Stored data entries
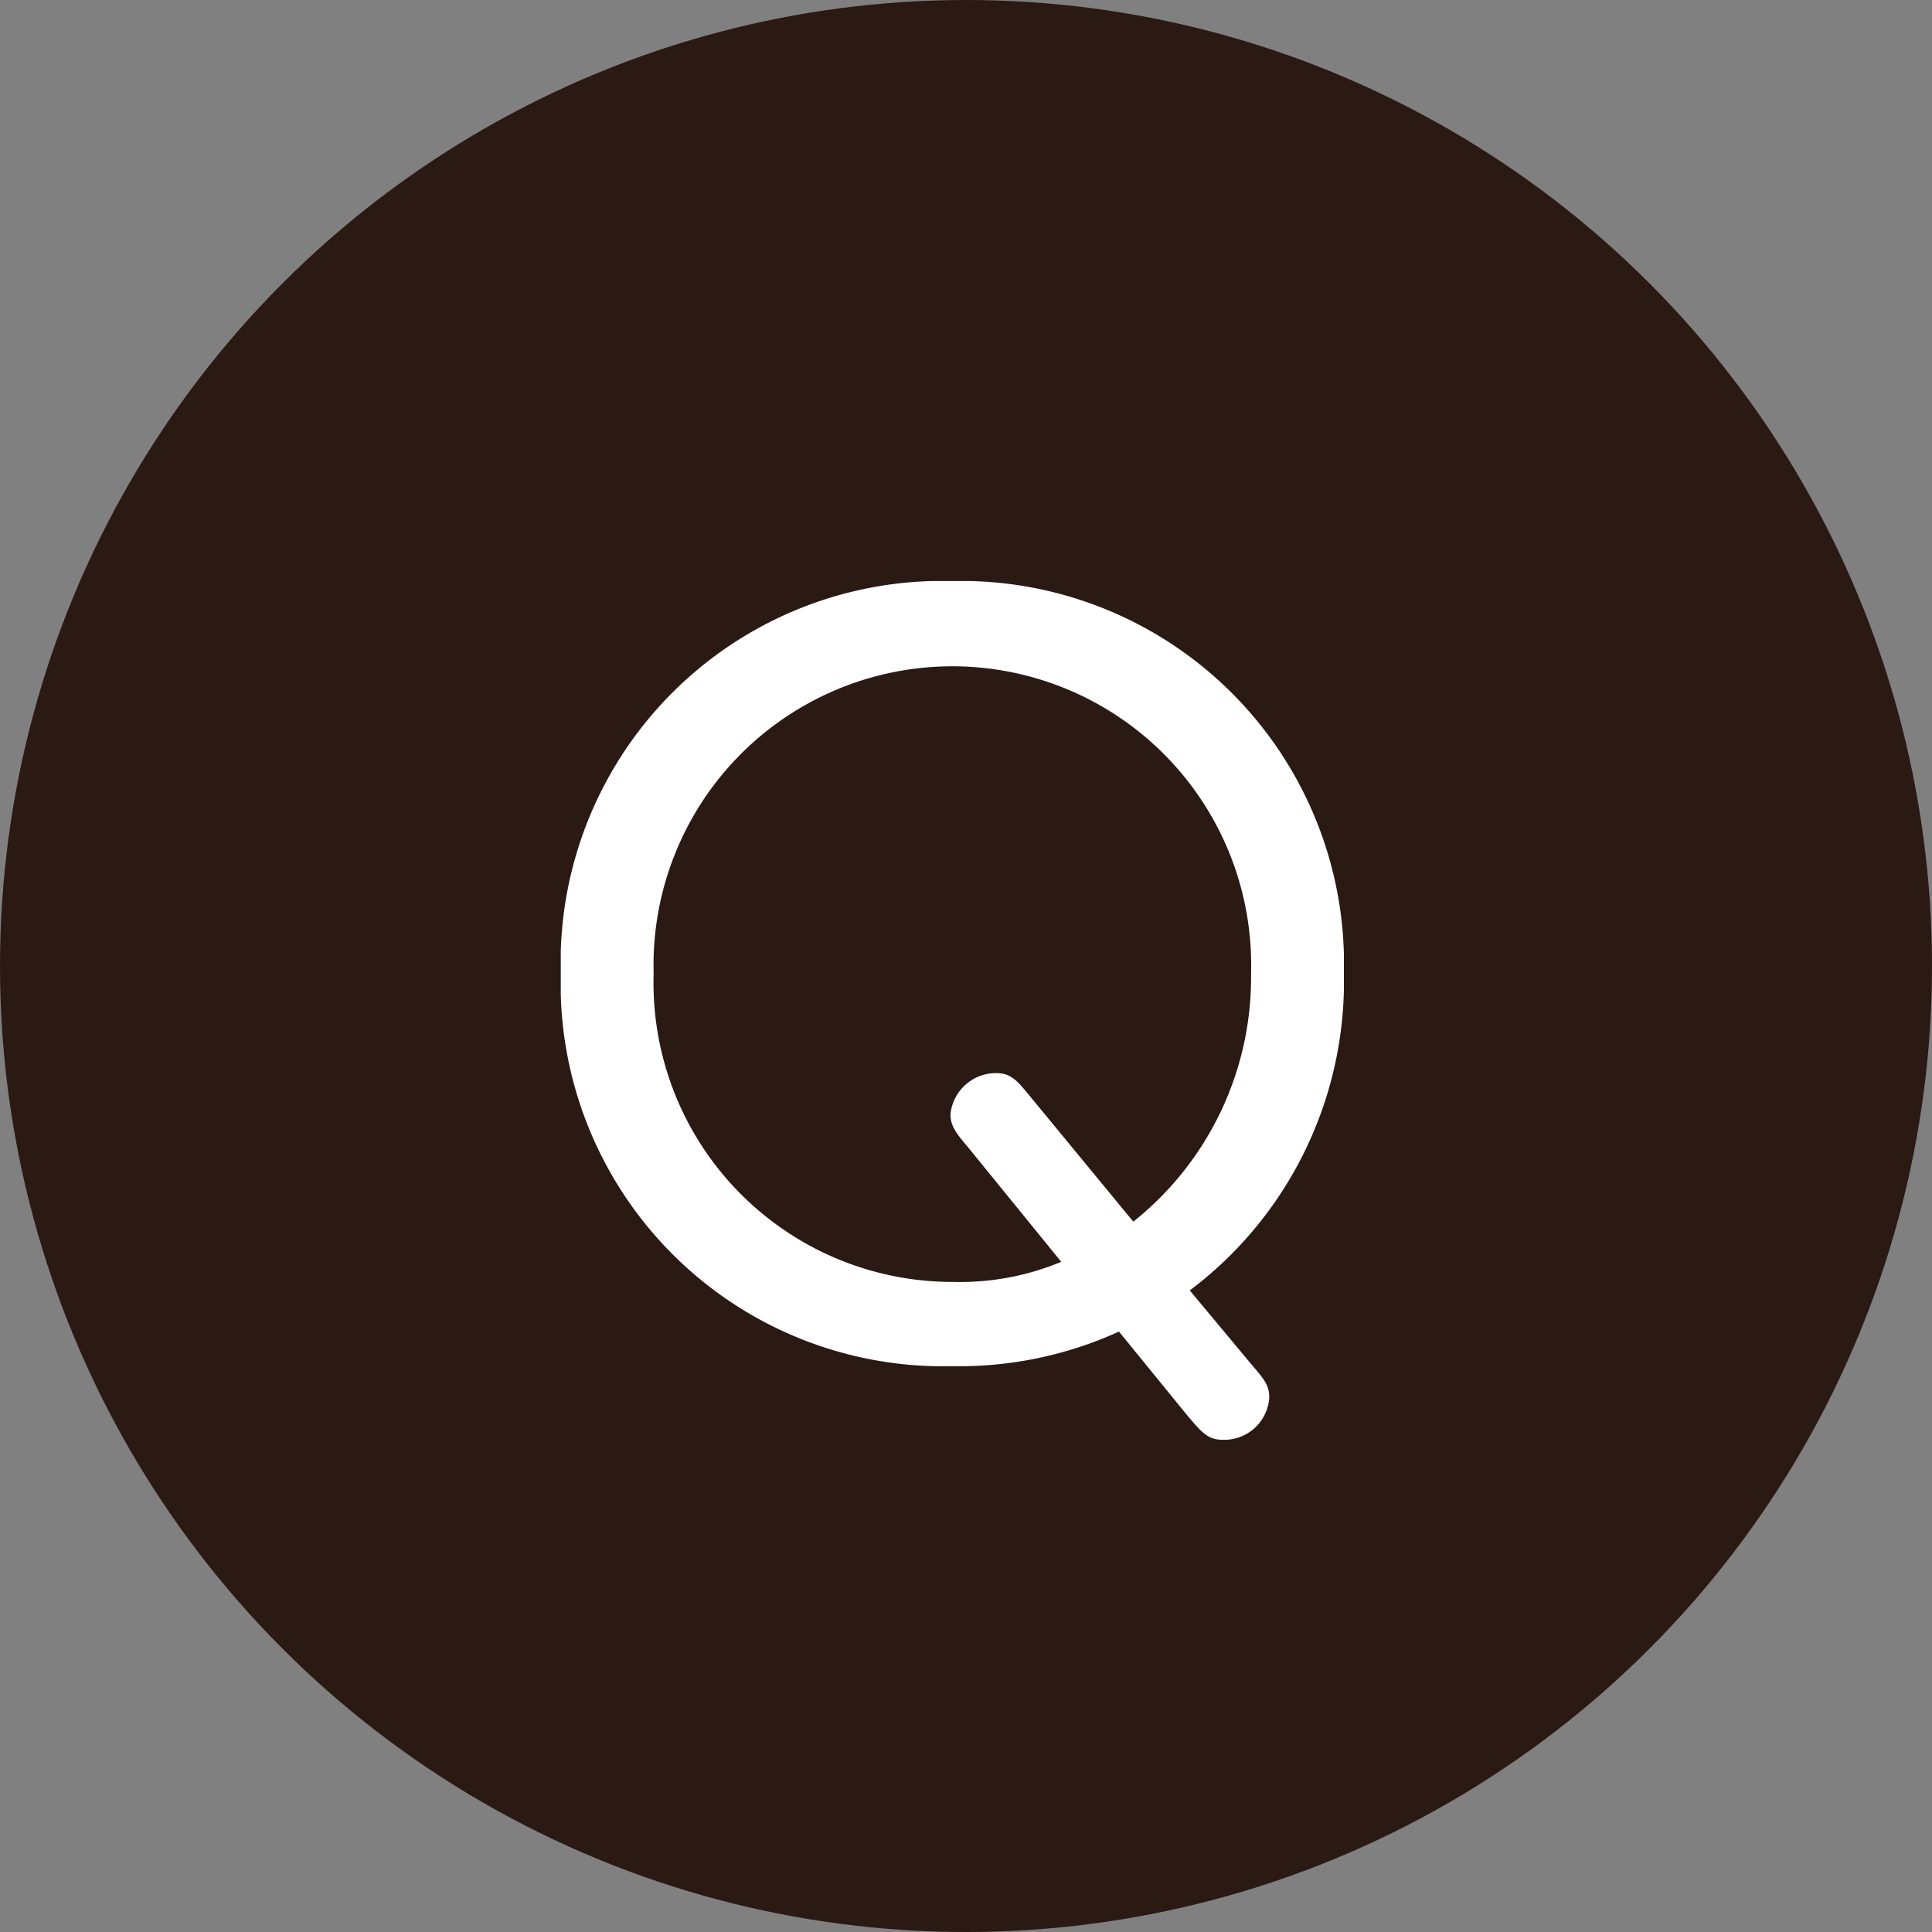 <svg xmlns="http://www.w3.org/2000/svg" xmlns:xlink="http://www.w3.org/1999/xlink" width="40" height="40" viewBox="0 0 40 40">
  <rect x="0" y="0" width="40" height="40" fill="#808080" stroke="none"/>
  <defs>
    <clipPath id="clip-path">
      <rect id="長方形_254" data-name="長方形 254" width="16.214" height="17.779" fill="none"/>
    </clipPath>
  </defs>
  <g id="faq-q" transform="translate(145.5 13875)">
    <circle id="faq-q-2" data-name="faq-q" cx="20" cy="20" r="20" transform="translate(-145.5 -13875)" fill="#2b1914"/>
    <g id="グループ_8844" data-name="グループ 8844" transform="translate(-133.89 -13862.97)">
      <g id="グループ_149" data-name="グループ 149" transform="translate(0 0)" clip-path="url(#clip-path)">
        <path id="パス_601" data-name="パス 601" d="M14.312,16.233c.276.319.357.436.357.676a.936.936,0,0,1-.952.871c-.317,0-.436-.139-.754-.516l-1.406-1.725a7.97,7.97,0,0,1-3.449.716A7.916,7.916,0,0,1,0,8.126,7.9,7.9,0,0,1,8.108,0a7.926,7.926,0,0,1,8.106,8.126,8,8,0,0,1-3.191,6.561ZM8.425,11.714c-.238-.278-.357-.436-.357-.673A.949.949,0,0,1,9,10.187c.317,0,.435.139.712.476l2.142,2.6a6.465,6.465,0,0,0,2.438-5.135,6.187,6.187,0,1,0-12.369,0,6.191,6.191,0,0,0,6.2,6.383,5.464,5.464,0,0,0,2.239-.416Z" transform="translate(0 0)" fill="#fff"/>
      </g>
    </g>
  </g>
</svg>

**TASK TO CARRY OUT:** Reproduce each line of the records exactly, omitting any picture.

**TASK SOLUTION:**
 <svg xmlns="http://www.w3.org/2000/svg" xmlns:xlink="http://www.w3.org/1999/xlink" width="40" height="40" viewBox="0 0 40 40">
  <rect x="0" y="0" width="40" height="40" fill="#808080" stroke="none"/>
  <defs>
    <clipPath id="clip-path">
      <rect id="長方形_254" data-name="長方形 254" width="16.214" height="17.779" fill="none"/>
    </clipPath>
  </defs>
  <g id="faq-q" transform="translate(145.5 13875)">
    <circle id="faq-q-2" data-name="faq-q" cx="20" cy="20" r="20" transform="translate(-145.5 -13875)" fill="#2b1914"/>
    <g id="グループ_8844" data-name="グループ 8844" transform="translate(-133.89 -13862.97)">
      <g id="グループ_149" data-name="グループ 149" transform="translate(0 0)" clip-path="url(#clip-path)">
        <path id="パス_601" data-name="パス 601" d="M14.312,16.233c.276.319.357.436.357.676a.936.936,0,0,1-.952.871c-.317,0-.436-.139-.754-.516l-1.406-1.725a7.97,7.97,0,0,1-3.449.716A7.916,7.916,0,0,1,0,8.126,7.9,7.9,0,0,1,8.108,0a7.926,7.926,0,0,1,8.106,8.126,8,8,0,0,1-3.191,6.561ZM8.425,11.714c-.238-.278-.357-.436-.357-.673A.949.949,0,0,1,9,10.187c.317,0,.435.139.712.476l2.142,2.6a6.465,6.465,0,0,0,2.438-5.135,6.187,6.187,0,1,0-12.369,0,6.191,6.191,0,0,0,6.2,6.383,5.464,5.464,0,0,0,2.239-.416Z" transform="translate(0 0)" fill="#fff"/>
      </g>
    </g>
  </g>
</svg>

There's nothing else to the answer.